Le $H$ be a Hilbert space and Suppose $x_n$ converges weakly to $x$ in $H$. Let $K_n$ be the closed convex hull $\bar{co}\{x_k:k\geq n\}$. I would like to show $\bigcap K_n=\{x\}$.
What I know so far is that for convex set the weak closure is the same as norm closure in $H$. $x$ is clearly in $K_n$, since it is in the weak closure of the tail $\{x_k:k\geq n\}$ for every $n$. But how can I show that $x$ is the only element in $\bigcap K_n$?
On
Suppose $\langle \phi, y \rangle \le \alpha$ for all $y \in K_n$, then $\langle \phi, x \rangle \le \alpha$. In particular, $x \in K_n$ for all $x$ and so $x \in \cap_n K_n$.
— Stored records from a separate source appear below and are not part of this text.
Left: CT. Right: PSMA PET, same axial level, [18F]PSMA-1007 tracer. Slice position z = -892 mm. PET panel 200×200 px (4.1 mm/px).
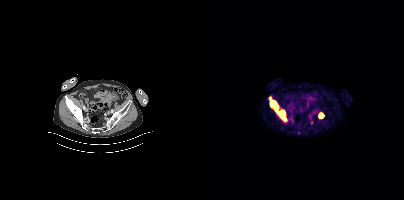
Coordinates are on the 200×200 PET (right) panel. PSMA-avid tumor lesion bounding boxes (partial; 1 more focus not listed):
| # | x0 | y0 | x1 | y1 |
|---|---|---|---|---|
| 1 | 65 | 96 | 83 | 121 |
| 2 | 114 | 113 | 119 | 118 |
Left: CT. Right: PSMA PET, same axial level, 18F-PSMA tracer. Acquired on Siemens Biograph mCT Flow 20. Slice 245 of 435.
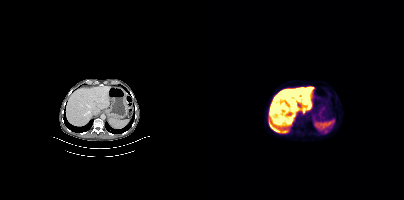
No PSMA-avid tumor lesions on this slice.
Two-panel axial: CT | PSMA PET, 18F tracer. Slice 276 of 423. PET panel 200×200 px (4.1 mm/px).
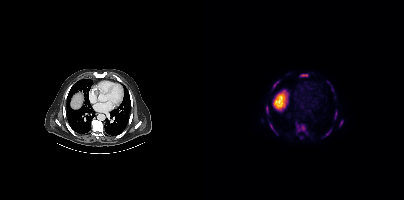
Coordinates are on the 200×200 PET (right) panel. PSMA-avid tumor lesion bounding boxes (partial; 1 more focus not listed):
| # | x0 | y0 | x1 | y1 |
|---|---|---|---|---|
| 1 | 92 | 122 | 103 | 134 |
| 2 | 68 | 80 | 75 | 87 |
| 3 | 96 | 74 | 104 | 76 |
| 4 | 130 | 111 | 133 | 119 |
| 5 | 123 | 82 | 129 | 91 |
| 6 | 135 | 120 | 139 | 126 |
| 7 | 120 | 129 | 127 | 136 |
| 8 | 62 | 105 | 64 | 111 |
| 9 | 66 | 124 | 69 | 129 |
| 10 | 71 | 131 | 74 | 135 |
Small PSMA-avid focus (2 to 4 px across) near (center x, center y): (97, 137).
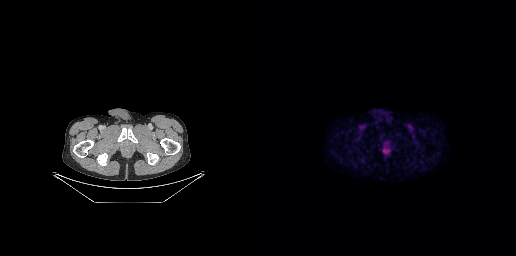
- Paired axial CT (left) and PSMA PET (right), 18F-PSMA tracer
- PET panel 256×256 px (2.7 mm/px)
Findings: Coordinates are on the 256×256 PET (right) panel. (showing 1 of 2 foci) PSMA-avid tumor lesion bounding box (x, y, width, height): x=121 y=145 w=10 h=10.
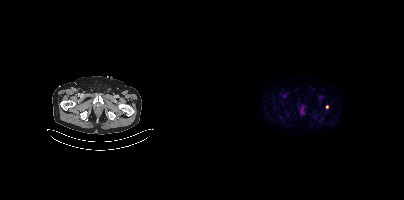
- Paired axial CT (left) and PSMA PET (right), 18F-PSMA tracer
- slice 56 of 389
Findings: Coordinates are on the 200×200 PET (right) panel. Small PSMA-avid focus (2 to 4 px across) near (center x, center y): (123, 106).
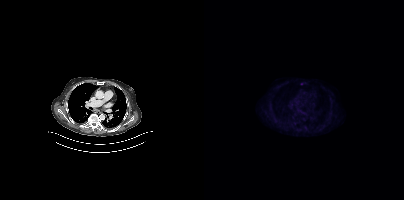
{"modality":"PSMA PET/CT","view":"axial","tracer":"[18F]PSMA-1007","pet_grid":[200,200],"coord_frame":"pet_panel","coord_format":"x0,y0,x1,y1","partial":true,"lesion_bboxes":[]}
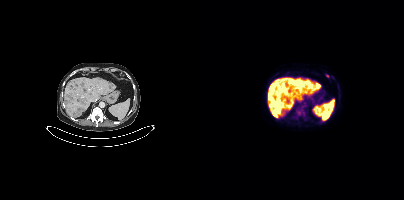
- Left: CT. Right: PSMA PET, same axial level, [18F]PSMA-1007 tracer
- slice position z = -1193 mm
- PET panel 200×200 px (4.1 mm/px)
Findings: Coordinates are on the 200×200 PET (right) panel. PSMA-avid tumor lesion bounding boxes (x, y, width, height): x=68 y=108 w=8 h=9 | x=92 y=107 w=5 h=8 | x=64 y=89 w=6 h=6. Small PSMA-avid focus (2 to 4 px across) near (center x, center y): (123, 76).

Suppose $z \neq x$, then there is some $\phi$ such that $\langle \phi, z \rangle > \langle \phi, x \rangle $, and since $\langle \phi, x_n \rangle \to \langle \phi, x \rangle$, we see that $z \notin K_n$ for $n$ sufficiently large and hence $\cap_n K_n = \{x\}$.
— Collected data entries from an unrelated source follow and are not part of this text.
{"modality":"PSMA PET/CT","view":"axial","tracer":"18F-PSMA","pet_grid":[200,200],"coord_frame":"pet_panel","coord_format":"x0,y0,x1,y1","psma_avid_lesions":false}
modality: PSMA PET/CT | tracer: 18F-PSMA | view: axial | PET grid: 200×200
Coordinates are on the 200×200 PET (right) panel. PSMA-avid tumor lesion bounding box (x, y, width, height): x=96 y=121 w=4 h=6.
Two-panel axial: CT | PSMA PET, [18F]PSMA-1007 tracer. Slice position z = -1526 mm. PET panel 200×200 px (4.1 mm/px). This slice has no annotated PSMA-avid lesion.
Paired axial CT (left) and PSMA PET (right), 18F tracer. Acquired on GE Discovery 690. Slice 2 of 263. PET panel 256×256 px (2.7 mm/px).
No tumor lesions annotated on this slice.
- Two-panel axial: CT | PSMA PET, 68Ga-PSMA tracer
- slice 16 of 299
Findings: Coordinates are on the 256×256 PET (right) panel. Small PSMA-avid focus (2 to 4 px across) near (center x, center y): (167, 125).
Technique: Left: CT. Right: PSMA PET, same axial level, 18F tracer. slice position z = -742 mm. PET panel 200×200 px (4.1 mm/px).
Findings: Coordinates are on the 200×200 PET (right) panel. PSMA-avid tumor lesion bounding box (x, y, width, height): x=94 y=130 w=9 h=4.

Since $x_n$ converges weakly to $x$, one has for every $a \in H$. $$\lim_{n \to \infty} \langle a, x_n \rangle = \langle a, x \rangle.$$ Consequently, one has $$\lim_{n \to \infty} \sup_{z \in K_n} |\langle z, a\rangle - \langle x, a \rangle| = 0.$$ This implies for $y \in \bigcap K_n$, one has for every $a \in H$ $$\langle y, a \rangle = \langle x, a \rangle,$$ which yields $y = x$.